(Data items)
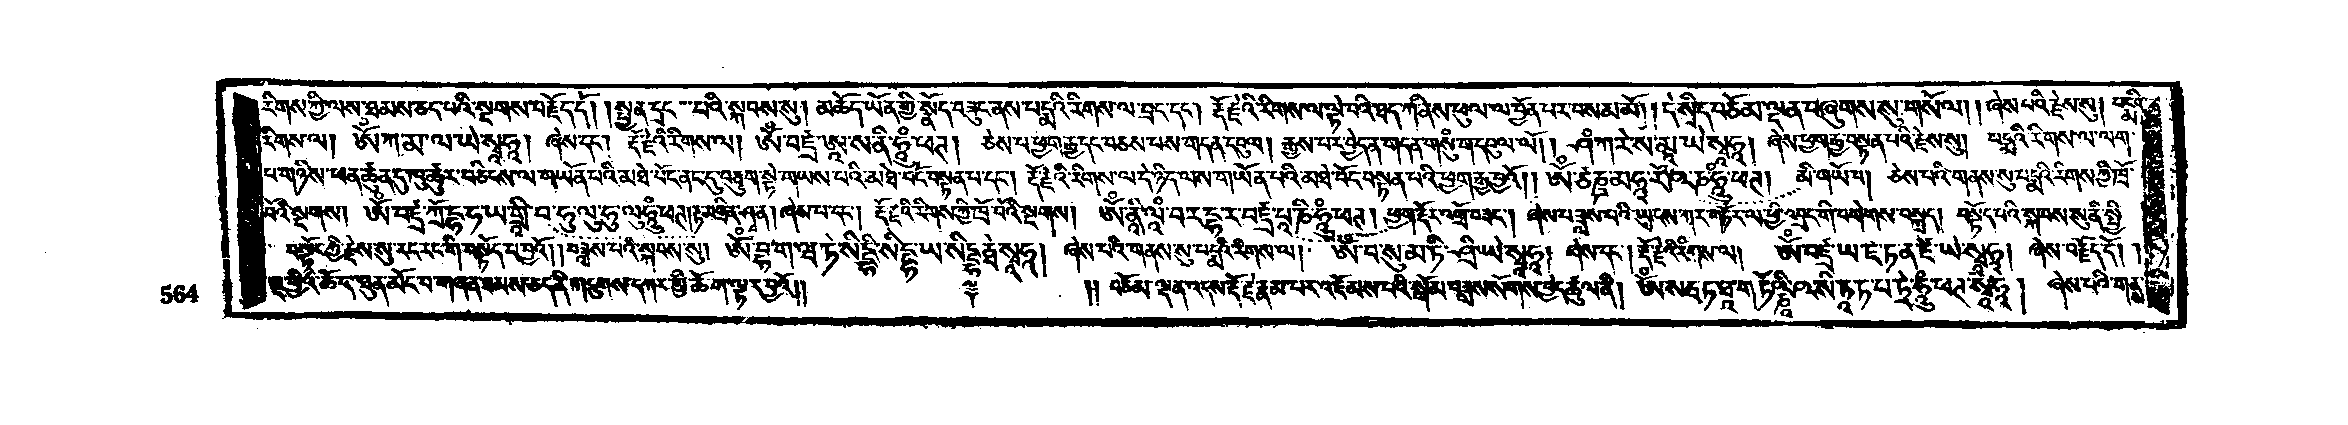རིགས་ཀྱི་ལས་ཐམས་ཅད་པའི་སྔགས་བརྗོད་དོ། །སྤྱན་དྲང་པའི་སྐབས་སུ། མཆོད་ཡོན་གྱི་སྣོད་བཟུང་ནས་པདམའི་རིགས་ལ་བྲང་དང་། རྡོ་རྗེའི་རིགས་ལ་ལྟེ་བའི་ཐད་ཀ་ནས་ཕུལ་ལ་བྱོན་པར་བསམ་མོ། །དེ་སྲིད་བཅོམ་ལྡན་བཞུགས་སོ་གསོལ། །ཞེས་པའི་རྗེས་སུ་པདམའི་
རིགས་ལ། ཨོཾ་ཀ་མ་ལ་ཡེ་སྭཱཧཱ། ཞེས་དང་། རྡོ་རྗེའི་རིགས་ལ།  ཨོཾ་བཛྲ་ཨཱ་ས་ནི་ཧཱུཾ་ཕཊ། ཅེས་པ་ཕྱག་རྒྱ་དང་བཅས་པས་གདན་དབུལ། རྒྱས་པར་བྱེད་ན་གདན་གསུཾ་ག་དབུལ་ལོ། །ཤཾ་ཀ་རེ་ས་མཱ་ཡེ་སྭཱཧཱ། ཞེས་ཕྱག་རྒྱ་བསྟན་པའི་རྗེས་སུ། པདམའི་རིགས་ལ་ལག་
པ་གཉིས་ཕན་ཚུན་དུ་ཁུ་ཚུར་བཅིངས་ལ་གཡོན་པའི་མཐེ་བོང་ནང་དུ་བཅུག་སྟེ་གཡས་པའི་མཐེ་བོང་བསྟན་པ་དང་། རྡོ་རྗེའི་རིགས་ལ་དེ་ཉིད་ལས་གཡོན་པའི་མཐེ་བོང་བསྟན་པའི་ཕྱག་རྒྱ་བྱའོ། །ཨོཾ་ཙཎྜ་མཧཱ་རོ་ཥ་ཎ་ཧཱུཾ་ཕཊ། མི་གཡོ་བ། ཅེས་པའི་གནས་སུ་པདམའི་རིགས་ཀྱི་ཁྲོ་
བོའི་སྔགས། ཨོཾ་བཛྲ་ཀྲོ་དྷ་ཧ་ཡ་གྲི་བ་ཧུ་ལུ་ཧུ་ལུ་ཧཱུཾ་ཕཊ། རྟ་མགྲིན་ཤྭ་ན། ཞེས་པ་དང་། རྡོ་རྗེའི་རིགས་ཀྱི་ཁྲོ་བོའི་སྔགས།  ཨོཾ་ནཱི་ལཱཾ་བ་ར་དྷ་ར་བཛྲ་པཱ་ཎི་ཧཱུཾ་ཕཊ། ཕྱག་རྡོར་འགྲོ་བཟང་། ཞེས་བཟླས་པའི་ཡུངས་ཀར་གཏོར་ལ་ཕྱི་འབྲང་གི་བགེགས་བསྐྲད། བསྟོད་པའི་སྐབས་སུ་ནི་སྤྱི་
བསྟོད་ཀྱི་རྗེས་སུ་རང་རང་གི་བསྟོད་པ་བྱའོ། །བཟླས་པའི་སྐབས་སུ། ཨོཾ་བྷ་ག་ཝ་ཏེ་སིདྡྷི་སིདྡྷ་ཡ་སིདྡྷ་རྠེ་སྭཱཧཱ། ཞེས་པའི་གནས་སུ་པདམའི་རིགས་ལ།  ཨོཾ་བ་སུ་མ་ཏི་ཤྲི་ཡེ་སྭཱཧཱ། ཞེས་དང་། རྡོ་རྗེའི་རིགས་ལ།  ཨོཾ་བཛྲ་ཡ་ཛ་ཏ་ན་ཛ་ཡེ་སྭཱཧཱ། ཞེས་བརྗོད་དོ། །
སྔ་ཕྱིའི་ཆོ་ག་ཐུན་མོང་བ་གཞན་ཐམས་ཅད་ནི་གདུགས་དཀར་གྱི་ཆོ་ག་ལྟར་བྱའོ།། ༈ །།བཅོམ་ལྡན་འདས་རྡོ་རྗེ་རྣམ་པར་འཇོམས་པའི་སྒོམ་བཟླས་སོགས་བྱེད་ཚུལ་ནི། ཨོཾ་སརྦ་ཏ་ཐཱ་ག་ཏོཥྞཱི་ཥ་སི་ཏཱ་ཏ་པ་ཏྲེ་ཧཱུཾ་ཕཊ་སྭཱཧཱ། ཞེས་པའི་གནས་

**Task details**:
The entries above need to be repeated in full, word for word. Skip the images.

**Output of the exercise**:
རིགས་ཀྱི་ལས་ཐམས་ཅད་པའི་སྔགས་བརྗོད་དོ། །སྤྱན་དྲང་པའི་སྐབས་སུ། མཆོད་ཡོན་གྱི་སྣོད་བཟུང་ནས་པདམའི་རིགས་ལ་བྲང་དང་། རྡོ་རྗེའི་རིགས་ལ་ལྟེ་བའི་ཐད་ཀ་ནས་ཕུལ་ལ་བྱོན་པར་བསམ་མོ། །དེ་སྲིད་བཅོམ་ལྡན་བཞུགས་སོ་གསོལ། །ཞེས་པའི་རྗེས་སུ་པདམའི་
རིགས་ལ། ཨོཾ་ཀ་མ་ལ་ཡེ་སྭཱཧཱ། ཞེས་དང་། རྡོ་རྗེའི་རིགས་ལ།  ཨོཾ་བཛྲ་ཨཱ་ས་ནི་ཧཱུཾ་ཕཊ། ཅེས་པ་ཕྱག་རྒྱ་དང་བཅས་པས་གདན་དབུལ། རྒྱས་པར་བྱེད་ན་གདན་གསུཾ་ག་དབུལ་ལོ། །ཤཾ་ཀ་རེ་ས་མཱ་ཡེ་སྭཱཧཱ། ཞེས་ཕྱག་རྒྱ་བསྟན་པའི་རྗེས་སུ། པདམའི་རིགས་ལ་ལག་
པ་གཉིས་ཕན་ཚུན་དུ་ཁུ་ཚུར་བཅིངས་ལ་གཡོན་པའི་མཐེ་བོང་ནང་དུ་བཅུག་སྟེ་གཡས་པའི་མཐེ་བོང་བསྟན་པ་དང་། རྡོ་རྗེའི་རིགས་ལ་དེ་ཉིད་ལས་གཡོན་པའི་མཐེ་བོང་བསྟན་པའི་ཕྱག་རྒྱ་བྱའོ། །ཨོཾ་ཙཎྜ་མཧཱ་རོ་ཥ་ཎ་ཧཱུཾ་ཕཊ། མི་གཡོ་བ། ཅེས་པའི་གནས་སུ་པདམའི་རིགས་ཀྱི་ཁྲོ་
བོའི་སྔགས། ཨོཾ་བཛྲ་ཀྲོ་དྷ་ཧ་ཡ་གྲི་བ་ཧུ་ལུ་ཧུ་ལུ་ཧཱུཾ་ཕཊ། རྟ་མགྲིན་ཤྭ་ན། ཞེས་པ་དང་། རྡོ་རྗེའི་རིགས་ཀྱི་ཁྲོ་བོའི་སྔགས།  ཨོཾ་ནཱི་ལཱཾ་བ་ར་དྷ་ར་བཛྲ་པཱ་ཎི་ཧཱུཾ་ཕཊ། ཕྱག་རྡོར་འགྲོ་བཟང་། ཞེས་བཟླས་པའི་ཡུངས་ཀར་གཏོར་ལ་ཕྱི་འབྲང་གི་བགེགས་བསྐྲད། བསྟོད་པའི་སྐབས་སུ་ནི་སྤྱི་
བསྟོད་ཀྱི་རྗེས་སུ་རང་རང་གི་བསྟོད་པ་བྱའོ། །བཟླས་པའི་སྐབས་སུ། ཨོཾ་བྷ་ག་ཝ་ཏེ་སིདྡྷི་སིདྡྷ་ཡ་སིདྡྷ་རྠེ་སྭཱཧཱ། ཞེས་པའི་གནས་སུ་པདམའི་རིགས་ལ།  ཨོཾ་བ་སུ་མ་ཏི་ཤྲི་ཡེ་སྭཱཧཱ། ཞེས་དང་། རྡོ་རྗེའི་རིགས་ལ།  ཨོཾ་བཛྲ་ཡ་ཛ་ཏ་ན་ཛ་ཡེ་སྭཱཧཱ། ཞེས་བརྗོད་དོ། །
སྔ་ཕྱིའི་ཆོ་ག་ཐུན་མོང་བ་གཞན་ཐམས་ཅད་ནི་གདུགས་དཀར་གྱི་ཆོ་ག་ལྟར་བྱའོ།། ༈ །།བཅོམ་ལྡན་འདས་རྡོ་རྗེ་རྣམ་པར་འཇོམས་པའི་སྒོམ་བཟླས་སོགས་བྱེད་ཚུལ་ནི། ཨོཾ་སརྦ་ཏ་ཐཱ་ག་ཏོཥྞཱི་ཥ་སི་ཏཱ་ཏ་པ་ཏྲེ་ཧཱུཾ་ཕཊ་སྭཱཧཱ། ཞེས་པའི་གནས་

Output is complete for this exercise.